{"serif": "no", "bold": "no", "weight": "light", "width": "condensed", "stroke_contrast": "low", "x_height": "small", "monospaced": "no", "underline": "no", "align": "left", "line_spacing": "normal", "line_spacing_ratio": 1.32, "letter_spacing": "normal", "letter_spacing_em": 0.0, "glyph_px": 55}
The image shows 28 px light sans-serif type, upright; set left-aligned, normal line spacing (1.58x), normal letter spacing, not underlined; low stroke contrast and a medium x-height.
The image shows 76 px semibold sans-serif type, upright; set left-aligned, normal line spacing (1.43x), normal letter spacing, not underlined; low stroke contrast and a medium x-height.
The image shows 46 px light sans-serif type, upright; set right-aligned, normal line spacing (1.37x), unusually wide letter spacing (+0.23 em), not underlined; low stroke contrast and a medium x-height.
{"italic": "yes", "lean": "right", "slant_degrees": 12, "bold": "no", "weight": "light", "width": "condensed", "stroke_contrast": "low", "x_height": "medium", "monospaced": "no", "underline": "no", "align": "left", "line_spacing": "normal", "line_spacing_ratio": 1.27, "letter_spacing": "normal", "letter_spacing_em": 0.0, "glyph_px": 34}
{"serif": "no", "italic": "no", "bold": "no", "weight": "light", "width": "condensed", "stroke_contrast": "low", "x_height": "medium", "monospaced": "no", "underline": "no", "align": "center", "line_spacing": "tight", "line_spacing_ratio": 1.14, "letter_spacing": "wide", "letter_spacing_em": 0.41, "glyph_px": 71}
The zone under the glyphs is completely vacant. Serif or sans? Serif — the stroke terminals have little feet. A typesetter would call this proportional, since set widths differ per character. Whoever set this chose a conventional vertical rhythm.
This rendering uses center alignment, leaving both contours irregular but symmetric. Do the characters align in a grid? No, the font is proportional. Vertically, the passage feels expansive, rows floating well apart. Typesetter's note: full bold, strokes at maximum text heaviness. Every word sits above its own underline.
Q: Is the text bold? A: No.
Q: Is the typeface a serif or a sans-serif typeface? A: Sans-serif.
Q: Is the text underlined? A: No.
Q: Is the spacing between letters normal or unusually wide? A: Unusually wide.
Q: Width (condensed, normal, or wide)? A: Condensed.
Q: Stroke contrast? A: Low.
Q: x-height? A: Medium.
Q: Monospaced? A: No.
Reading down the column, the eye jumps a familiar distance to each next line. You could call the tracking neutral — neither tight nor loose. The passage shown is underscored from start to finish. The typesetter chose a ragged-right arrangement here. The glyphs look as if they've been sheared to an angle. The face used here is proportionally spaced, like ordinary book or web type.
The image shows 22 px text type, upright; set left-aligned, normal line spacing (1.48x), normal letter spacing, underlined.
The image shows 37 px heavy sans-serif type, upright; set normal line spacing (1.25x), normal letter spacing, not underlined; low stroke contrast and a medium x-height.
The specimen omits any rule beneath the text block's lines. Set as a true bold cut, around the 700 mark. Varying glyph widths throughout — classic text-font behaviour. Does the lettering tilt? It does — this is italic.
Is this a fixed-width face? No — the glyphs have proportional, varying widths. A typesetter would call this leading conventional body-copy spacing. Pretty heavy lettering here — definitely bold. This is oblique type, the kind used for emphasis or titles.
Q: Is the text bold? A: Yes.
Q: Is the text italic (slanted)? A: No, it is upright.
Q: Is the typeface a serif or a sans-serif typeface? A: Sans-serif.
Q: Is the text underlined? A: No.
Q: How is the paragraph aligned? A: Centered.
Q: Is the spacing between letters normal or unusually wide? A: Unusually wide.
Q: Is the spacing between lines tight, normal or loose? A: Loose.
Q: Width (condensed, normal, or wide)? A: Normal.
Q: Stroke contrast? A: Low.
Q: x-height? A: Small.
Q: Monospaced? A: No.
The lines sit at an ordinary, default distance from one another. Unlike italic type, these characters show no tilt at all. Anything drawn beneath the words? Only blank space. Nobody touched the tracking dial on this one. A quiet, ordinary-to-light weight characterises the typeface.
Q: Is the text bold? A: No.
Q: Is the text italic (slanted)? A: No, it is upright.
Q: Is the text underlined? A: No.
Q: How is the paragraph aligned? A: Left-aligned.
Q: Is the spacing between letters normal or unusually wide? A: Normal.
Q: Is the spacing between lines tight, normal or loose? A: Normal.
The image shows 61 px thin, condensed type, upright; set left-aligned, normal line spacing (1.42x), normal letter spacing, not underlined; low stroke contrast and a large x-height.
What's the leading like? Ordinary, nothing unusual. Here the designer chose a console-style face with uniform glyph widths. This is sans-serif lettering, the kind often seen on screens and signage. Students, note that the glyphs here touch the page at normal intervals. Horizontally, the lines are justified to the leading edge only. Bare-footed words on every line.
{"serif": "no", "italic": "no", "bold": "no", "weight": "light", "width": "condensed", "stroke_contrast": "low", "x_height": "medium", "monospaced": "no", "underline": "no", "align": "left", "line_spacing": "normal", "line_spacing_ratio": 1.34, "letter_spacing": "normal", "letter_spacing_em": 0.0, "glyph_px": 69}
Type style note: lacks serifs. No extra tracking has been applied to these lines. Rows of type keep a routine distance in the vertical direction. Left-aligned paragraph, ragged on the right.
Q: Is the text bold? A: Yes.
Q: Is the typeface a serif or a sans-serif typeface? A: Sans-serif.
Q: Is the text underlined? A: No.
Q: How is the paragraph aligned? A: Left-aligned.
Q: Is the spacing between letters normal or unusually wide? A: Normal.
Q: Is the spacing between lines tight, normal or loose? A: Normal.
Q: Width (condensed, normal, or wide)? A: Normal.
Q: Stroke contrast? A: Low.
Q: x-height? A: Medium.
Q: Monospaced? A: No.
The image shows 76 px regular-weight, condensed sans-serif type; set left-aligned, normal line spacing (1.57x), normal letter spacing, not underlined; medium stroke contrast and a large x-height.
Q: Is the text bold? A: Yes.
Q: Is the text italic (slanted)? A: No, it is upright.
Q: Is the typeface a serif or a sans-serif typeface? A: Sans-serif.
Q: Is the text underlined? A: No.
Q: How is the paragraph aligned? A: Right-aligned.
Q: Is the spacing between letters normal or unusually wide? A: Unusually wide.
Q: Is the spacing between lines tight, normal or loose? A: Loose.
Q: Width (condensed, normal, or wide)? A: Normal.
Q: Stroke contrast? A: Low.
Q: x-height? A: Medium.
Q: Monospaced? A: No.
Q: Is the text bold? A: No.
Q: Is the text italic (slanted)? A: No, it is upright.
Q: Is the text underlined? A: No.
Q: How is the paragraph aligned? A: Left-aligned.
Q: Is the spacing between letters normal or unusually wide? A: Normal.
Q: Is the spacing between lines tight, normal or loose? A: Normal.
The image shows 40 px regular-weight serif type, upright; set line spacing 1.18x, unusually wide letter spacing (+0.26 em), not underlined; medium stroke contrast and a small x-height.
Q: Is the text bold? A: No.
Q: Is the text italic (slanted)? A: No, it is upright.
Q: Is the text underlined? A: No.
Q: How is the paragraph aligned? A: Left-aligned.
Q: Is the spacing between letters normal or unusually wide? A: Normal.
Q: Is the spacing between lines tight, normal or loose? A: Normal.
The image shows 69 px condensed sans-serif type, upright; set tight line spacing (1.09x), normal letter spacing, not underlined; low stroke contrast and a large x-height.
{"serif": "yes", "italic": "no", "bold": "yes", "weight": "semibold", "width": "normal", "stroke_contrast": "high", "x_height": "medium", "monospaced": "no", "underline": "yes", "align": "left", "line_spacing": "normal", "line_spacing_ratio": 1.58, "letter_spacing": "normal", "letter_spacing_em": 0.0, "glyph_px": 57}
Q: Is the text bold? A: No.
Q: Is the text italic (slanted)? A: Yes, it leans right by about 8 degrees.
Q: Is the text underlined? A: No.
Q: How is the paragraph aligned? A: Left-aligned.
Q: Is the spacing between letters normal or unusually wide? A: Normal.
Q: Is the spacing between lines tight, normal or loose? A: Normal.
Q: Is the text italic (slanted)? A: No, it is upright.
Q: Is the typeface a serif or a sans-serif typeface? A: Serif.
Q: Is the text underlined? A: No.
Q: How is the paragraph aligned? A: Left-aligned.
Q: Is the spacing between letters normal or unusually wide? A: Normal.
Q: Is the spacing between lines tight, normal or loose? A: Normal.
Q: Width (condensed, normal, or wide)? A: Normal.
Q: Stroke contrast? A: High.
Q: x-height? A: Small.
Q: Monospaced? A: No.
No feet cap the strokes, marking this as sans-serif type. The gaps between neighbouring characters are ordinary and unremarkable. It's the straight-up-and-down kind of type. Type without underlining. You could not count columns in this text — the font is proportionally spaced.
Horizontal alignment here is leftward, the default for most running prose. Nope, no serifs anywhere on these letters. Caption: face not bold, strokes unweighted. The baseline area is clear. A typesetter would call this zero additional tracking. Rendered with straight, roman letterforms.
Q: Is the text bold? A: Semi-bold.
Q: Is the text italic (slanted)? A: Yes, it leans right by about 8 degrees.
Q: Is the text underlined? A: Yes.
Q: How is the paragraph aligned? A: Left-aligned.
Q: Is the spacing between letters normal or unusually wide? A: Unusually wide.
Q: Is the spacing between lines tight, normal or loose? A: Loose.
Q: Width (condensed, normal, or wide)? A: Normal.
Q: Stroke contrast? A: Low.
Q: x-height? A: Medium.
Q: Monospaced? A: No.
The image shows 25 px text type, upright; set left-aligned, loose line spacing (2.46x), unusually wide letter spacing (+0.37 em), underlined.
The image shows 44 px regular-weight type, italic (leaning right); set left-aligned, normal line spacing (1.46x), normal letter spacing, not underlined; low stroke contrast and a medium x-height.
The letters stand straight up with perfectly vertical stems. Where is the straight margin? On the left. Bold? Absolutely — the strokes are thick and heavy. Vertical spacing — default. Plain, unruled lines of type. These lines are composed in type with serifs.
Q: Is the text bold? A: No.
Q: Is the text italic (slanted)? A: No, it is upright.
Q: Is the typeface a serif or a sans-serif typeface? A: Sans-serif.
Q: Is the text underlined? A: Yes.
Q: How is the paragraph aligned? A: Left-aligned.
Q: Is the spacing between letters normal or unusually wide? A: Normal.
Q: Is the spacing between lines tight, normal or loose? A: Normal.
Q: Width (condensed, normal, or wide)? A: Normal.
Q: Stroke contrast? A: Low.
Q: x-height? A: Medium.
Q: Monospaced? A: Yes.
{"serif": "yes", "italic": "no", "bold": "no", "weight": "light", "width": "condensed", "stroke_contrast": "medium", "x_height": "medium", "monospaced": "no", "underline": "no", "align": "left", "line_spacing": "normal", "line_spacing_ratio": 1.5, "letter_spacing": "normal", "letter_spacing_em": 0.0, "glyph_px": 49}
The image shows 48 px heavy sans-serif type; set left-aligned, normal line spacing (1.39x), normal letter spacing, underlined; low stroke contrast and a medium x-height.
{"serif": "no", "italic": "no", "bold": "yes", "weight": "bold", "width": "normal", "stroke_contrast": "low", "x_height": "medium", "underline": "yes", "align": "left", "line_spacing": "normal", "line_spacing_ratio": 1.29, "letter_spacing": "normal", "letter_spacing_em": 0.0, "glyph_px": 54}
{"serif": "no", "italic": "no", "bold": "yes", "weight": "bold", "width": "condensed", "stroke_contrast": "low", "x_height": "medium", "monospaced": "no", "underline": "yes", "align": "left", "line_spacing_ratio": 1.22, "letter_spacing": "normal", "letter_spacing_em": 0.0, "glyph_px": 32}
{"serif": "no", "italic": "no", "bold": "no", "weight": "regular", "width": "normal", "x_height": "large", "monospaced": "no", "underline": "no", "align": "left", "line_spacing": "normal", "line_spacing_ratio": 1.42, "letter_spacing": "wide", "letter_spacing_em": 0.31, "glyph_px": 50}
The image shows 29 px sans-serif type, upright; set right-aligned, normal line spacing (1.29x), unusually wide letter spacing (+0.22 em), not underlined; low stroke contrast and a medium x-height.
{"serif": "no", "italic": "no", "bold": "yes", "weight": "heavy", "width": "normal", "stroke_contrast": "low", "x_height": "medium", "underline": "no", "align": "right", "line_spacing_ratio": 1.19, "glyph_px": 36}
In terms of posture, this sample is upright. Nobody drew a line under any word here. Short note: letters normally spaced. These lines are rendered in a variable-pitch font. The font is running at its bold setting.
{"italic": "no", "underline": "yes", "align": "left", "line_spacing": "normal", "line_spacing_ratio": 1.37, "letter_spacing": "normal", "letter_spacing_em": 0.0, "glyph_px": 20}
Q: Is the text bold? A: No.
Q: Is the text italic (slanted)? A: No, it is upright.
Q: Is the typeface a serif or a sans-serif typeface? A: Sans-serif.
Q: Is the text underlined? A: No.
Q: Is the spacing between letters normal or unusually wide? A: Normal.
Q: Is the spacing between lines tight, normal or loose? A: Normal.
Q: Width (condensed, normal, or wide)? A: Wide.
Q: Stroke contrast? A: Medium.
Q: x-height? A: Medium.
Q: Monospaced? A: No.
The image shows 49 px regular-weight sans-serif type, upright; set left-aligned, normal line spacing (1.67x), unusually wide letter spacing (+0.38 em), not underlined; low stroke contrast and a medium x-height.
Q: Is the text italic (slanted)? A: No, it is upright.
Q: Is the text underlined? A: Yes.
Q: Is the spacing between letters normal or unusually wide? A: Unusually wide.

### [DIRECTIONS]
Across the whole listing above, report each line that includes "feet".

### [ANSWER BOX]
The zone under the glyphs is completely vacant. Serif or sans? Serif — the stroke terminals have little feet. A typesetter would call this proportional, since set widths differ per character. Whoever set this chose a conventional vertical rhythm.
No feet cap the strokes, marking this as sans-serif type. The gaps between neighbouring characters are ordinary and unremarkable. It's the straight-up-and-down kind of type. Type without underlining. You could not count columns in this text — the font is proportionally spaced.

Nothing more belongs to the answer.